1. Introdução
A discussão em torno das intervenções em saúde e do seu desenho, não é nova, esta ganha novo protagonismo na era da saúde 4.0 e dos debates sobre a necessidade de centrar o cuidado no cidadão, integrando os cuidados e responsabilizando as pessoas pelos seus processos de saúde-doença, integrados nos projetos de vida de cada um.
Partindo do pressuposto que intervenção em saúde pode ser definida como o conjunto de ações planeadas para prevenir ou reduzir um problema de saúde específico, ou os determinantes do problema, numa determinada população, percebe-se que a intervenção tende a ser orientada de forma a promover uma mudança social-psicológica e individual na população-alvo (Wight et al., 2016).
Face ao exposto o desenho de uma intervenção em saúde é mais do que o passo que ocorre entre a ideia e a conceção de uma intervenção até que esta mesma esteja pronta para a viabilidade formal, teste piloto ou teste de efetividade antes de uma avaliação global (Hoddinott, 2015). Ela deve responder às necessidades da pessoa, suas expectativas e preferências individuais, como defendem as diferentes correntes de Prática Baseada na Evidência (Apóstolo 2017, Canadian Institutes of Health Research, 2014) e os cuidados centrados na pessoa.
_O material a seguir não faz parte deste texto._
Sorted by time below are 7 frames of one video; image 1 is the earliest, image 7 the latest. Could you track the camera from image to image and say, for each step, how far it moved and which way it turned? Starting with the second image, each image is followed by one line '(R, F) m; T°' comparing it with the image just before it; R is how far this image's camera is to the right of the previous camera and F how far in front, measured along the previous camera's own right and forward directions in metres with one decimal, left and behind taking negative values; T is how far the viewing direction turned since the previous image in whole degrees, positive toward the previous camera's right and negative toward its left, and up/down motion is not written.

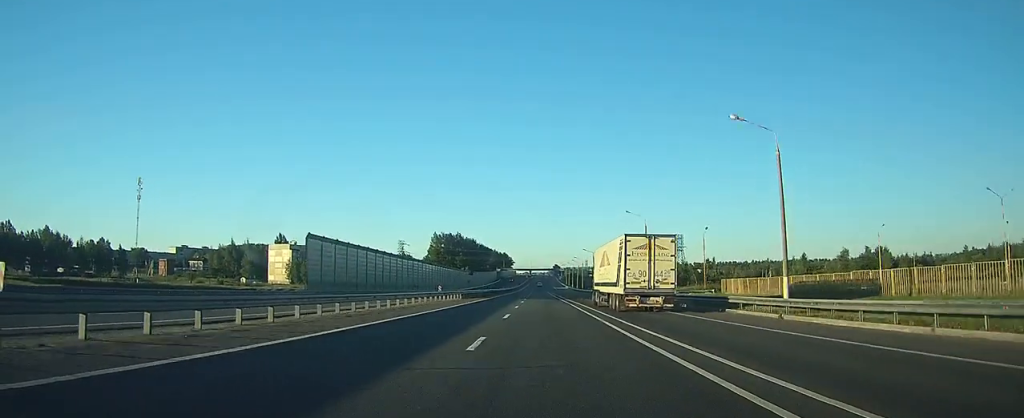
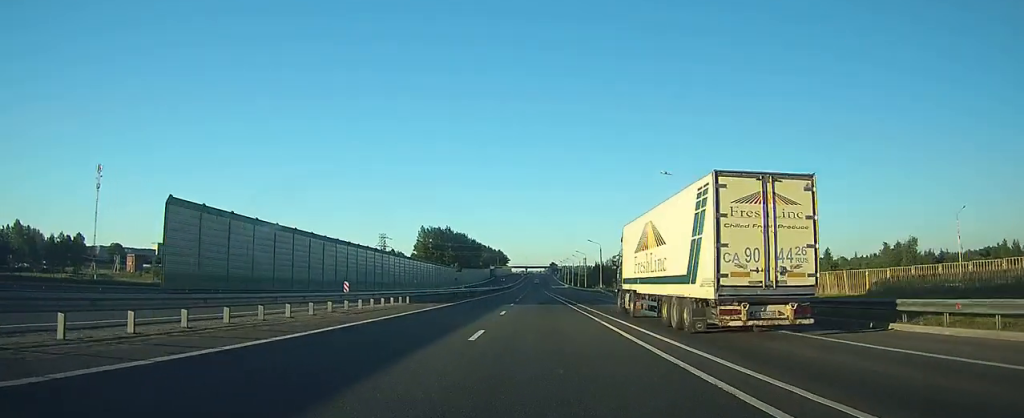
(0.0, +22.0) m; 0°
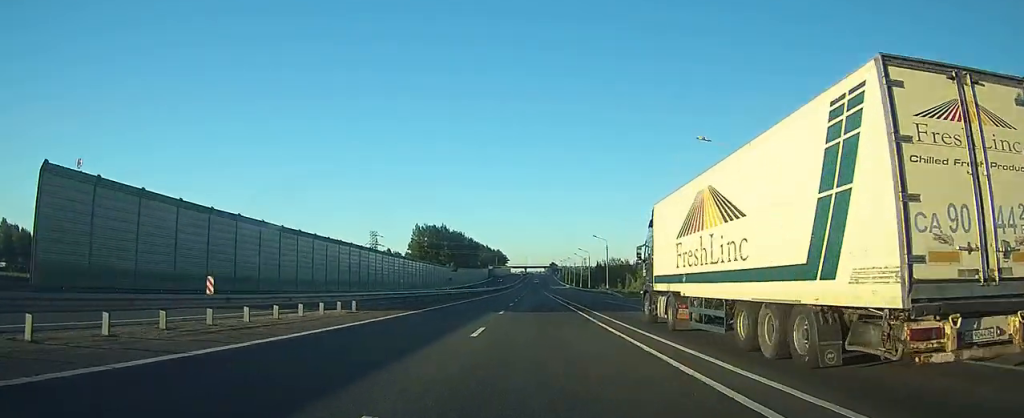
(0.0, +10.6) m; 0°
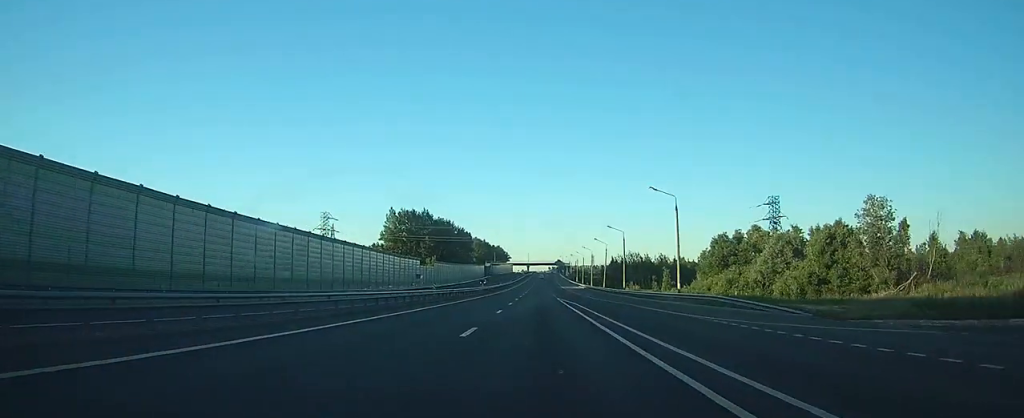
(-0.1, +48.1) m; 0°
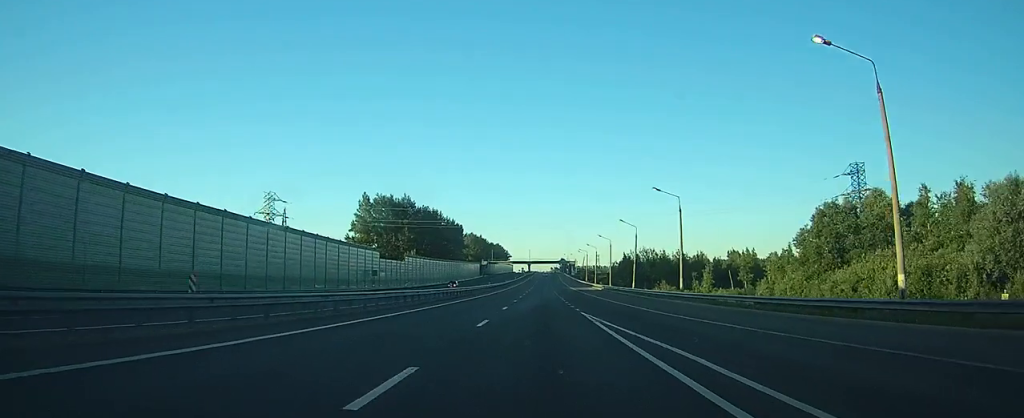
(0.0, +32.3) m; 0°
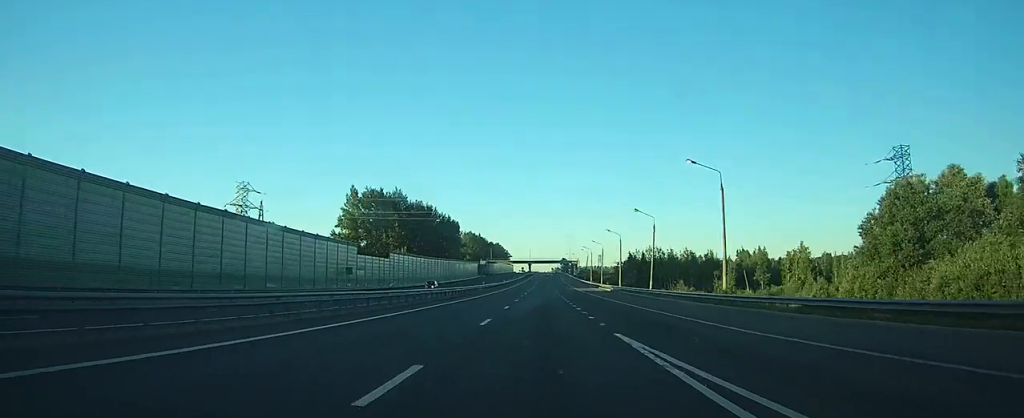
(0.0, +11.7) m; 0°
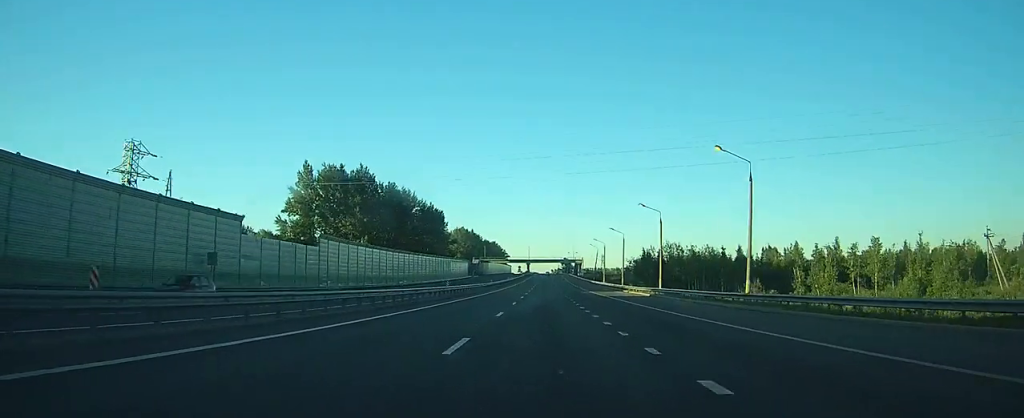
(-0.1, +31.6) m; 0°

O guia do Medical Research Council (MRC), revisto por Skivington et al. (2021) propõe quatro fases no desenvolvimento e avaliação de intervenções complexas: desenvolvimento e identificação, viabilidade e teste piloto, avaliação, e implementação na prática (Skivington et al., 2021). O primeiro passo neste processo é o ‘desenho’ que é quando a «intervenção tem de ser desenvolvida ao ponto em que é razoável esperar que o seu efeito seja efetivo (Hoddinott, 2015). Com alguns autores a advogarem que no desenho da intervenção sejam envolvidas as pessoas, famílias e comunidades (Jesson, & McNaughton, 2020).
Os estudos desta fase podem envolver a avaliação de bases de dados em relação a evidência publicada e pesquisa primária ou atividades prévias com a população alvo. Na prática, o desenho da intervenção é contínuo ao longo de todo o processo, visto que mudanças estão sempre a ocorrer quando uma intervenção está a ser testada, avaliada e implementada (Craig et al., 2008; O'Cathain et al., 2019; Hoddinott, 2015; Skivington et al., 2021).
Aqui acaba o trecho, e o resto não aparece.